*** Opening of SUPPLIED MATERIAL ***
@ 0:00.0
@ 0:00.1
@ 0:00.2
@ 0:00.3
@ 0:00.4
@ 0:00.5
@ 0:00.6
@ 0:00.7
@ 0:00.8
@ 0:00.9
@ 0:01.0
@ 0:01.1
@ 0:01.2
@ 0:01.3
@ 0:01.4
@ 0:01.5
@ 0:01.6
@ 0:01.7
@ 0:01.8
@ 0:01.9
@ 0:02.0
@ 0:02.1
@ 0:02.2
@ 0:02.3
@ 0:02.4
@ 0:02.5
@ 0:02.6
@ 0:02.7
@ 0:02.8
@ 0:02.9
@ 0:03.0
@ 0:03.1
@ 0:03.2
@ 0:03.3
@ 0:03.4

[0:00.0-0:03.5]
*** Close of SUPPLIED MATERIAL ***
**PROBLEM TO WORK ON:**
Repeat the entries shown above, every one, word for word.

**EXPECTED ANSWER:**
@ 0:00.0
@ 0:00.1
@ 0:00.2
@ 0:00.3
@ 0:00.4
@ 0:00.5
@ 0:00.6
@ 0:00.7
@ 0:00.8
@ 0:00.9
@ 0:01.0
@ 0:01.1
@ 0:01.2
@ 0:01.3
@ 0:01.4
@ 0:01.5
@ 0:01.6
@ 0:01.7
@ 0:01.8
@ 0:01.9
@ 0:02.0
@ 0:02.1
@ 0:02.2
@ 0:02.3
@ 0:02.4
@ 0:02.5
@ 0:02.6
@ 0:02.7
@ 0:02.8
@ 0:02.9
@ 0:03.0
@ 0:03.1
@ 0:03.2
@ 0:03.3
@ 0:03.4

[0:00.0-0:03.5]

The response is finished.